Furthermore, i think -p should be enabled by default. Especially with a lot of
functions the +/- notation isnt very obvious at first sight.

I.e. output like this would be more useful i think:

baseline delta command symbol
-----------------------------------------------------------
13.87% +0.11% hackbench [k] _raw_spin_lock
5.60% -2.53% hackbench [k] copy_user_generic_string
5.23% -0.14% hackbench [k] __cache_free
4.30% -2.59% hackbench [k] unix_stream_recvmsg
3.35% -1.56% hackbench [k] avc_has_perm_noaudit
-----------------------------------------------------------
Sum:
0.51% +- 0.05% less time elapsed

The relative position can be printed too but should not necessarily be the
default. Printing the delta in elapsed time is also very important, because
not only do we want to know the after/before profile delta, we also want to
see the tangible result in elapsed time - via the same tool.

Btw., i think we also want a "--repeat N" feature for perf record, to allow
the recording of the same command over and over again, so that a higher
quality profile can be achieved.

"perf record -f --repeat 10 cmd" would be a convenience shortcut for:

rm -f perf.data
for ((i=0; i<10; i++)); do
perf record -A cmd
done

Thanks,

Ingo


2009-12-15 12:09:24

by Frederic Weisbecker

[permalink] [raw]
Subject: Re: [tip:perf/diff] perf diff: Introduce tool to show performance difference

On Tue, Dec 15, 2009 at 10:52:14AM +0100, Ingo Molnar wrote:
>
> 'perf diff' looks to be very useful!
>
> I think we want to improve the default output some more:
>
> For example there should be column names like for perf report:
>
> # Overhead Command Shared Object Symbol
> # ........ ......... ............................ ......
> #
> 13.87% hackbench [kernel] [k] _raw_spin_lock
> 5.60% hackbench [kernel] [k] copy_user_generic_string
> 5.23% hackbench [kernel] [k] __cache_free
>
> Secondly, here's the current output of two successive 'hackbench 10' run:
>
> 1 +2381 +58 [kernel.kallsyms] avc_has_perm_noaudit
> 2 -26 [kernel.kallsyms] clear_page_c
> 3 +107 +29 [kernel.kallsyms] _raw_spin_lock
> 4 +106 +23 [kernel.kallsyms] _raw_spin_lock
> 5 +105 +22 [kernel.kallsyms] _raw_spin_lock
> 6 +104 +21 [kernel.kallsyms] _raw_spin_lock
> 7 +103 +20 [kernel.kallsyms] _raw_spin_lock
> 8 +102 +20 [kernel.kallsyms] _raw_spin_lock
> 9 +101 +19 [kernel.kallsyms] _raw_spin_lock
> 10 -6 -28 [kernel.kallsyms] selinux_task_wait
> 11 +99 +18 [kernel.kallsyms] _raw_spin_lock
> 12 +98 +18 [kernel.kallsyms] _raw_spin_lock
> 13 +97 +18 [kernel.kallsyms] _raw_spin_lock
> 14 +96 +18 [kernel.kallsyms] _raw_spin_lock
> 15 +220 +20 [kernel.kallsyms] _raw_spin_lock_irqsave
> 16 +94 +17 [kernel.kallsyms] _raw_spin_lock
> 17 +93 +17 [kernel.kallsyms] _raw_spin_lock
> 18 +92 +16 [kernel.kallsyms] _raw_spin_lock
> 19 +9648 +30 [kernel.kallsyms] copy_page_c
> 20 +90 +15 [kernel.kallsyms] _raw_spin_lock
> 21 +89 +15 [kernel.kallsyms] _raw_spin_lock
>
> beyond the missing column names, there's some other things visible too:
>
> - the symbol names are per pid, so they repeat all over again.

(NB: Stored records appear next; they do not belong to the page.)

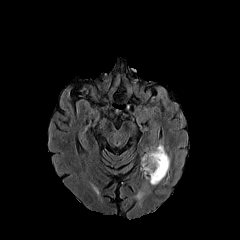
FLAIR MR.
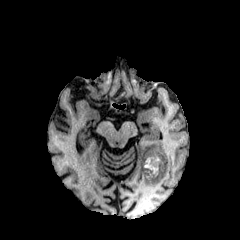
T1-weighted magnetic resonance.
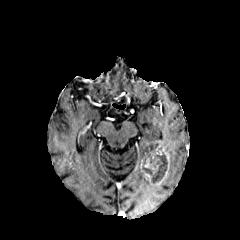
Post-contrast T1-weighted MRI.
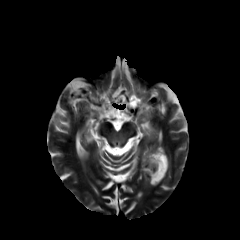
T2-weighted magnetic resonance.
Brain.
Non-enhancing tumor core = <box>145,155,167,183</box>.
Enhancing tumor = <box>140,147,170,179</box>.

I think we
> want the default output to be like perf report's, i.e. PIDs get summarized
> over commands.
>
> Furthermore, i think -p should be enabled by default. Especially with a lot of
> functions the +/- notation isnt very obvious at first sight.


Agreed, I think -p gives a better first glance about the global
state.

Also it would be nice to sort by default on deltas, probably
by abs(delta) even because the first purpose is to see what
has changed most.

And those who want better granularity could sort by asc or desc.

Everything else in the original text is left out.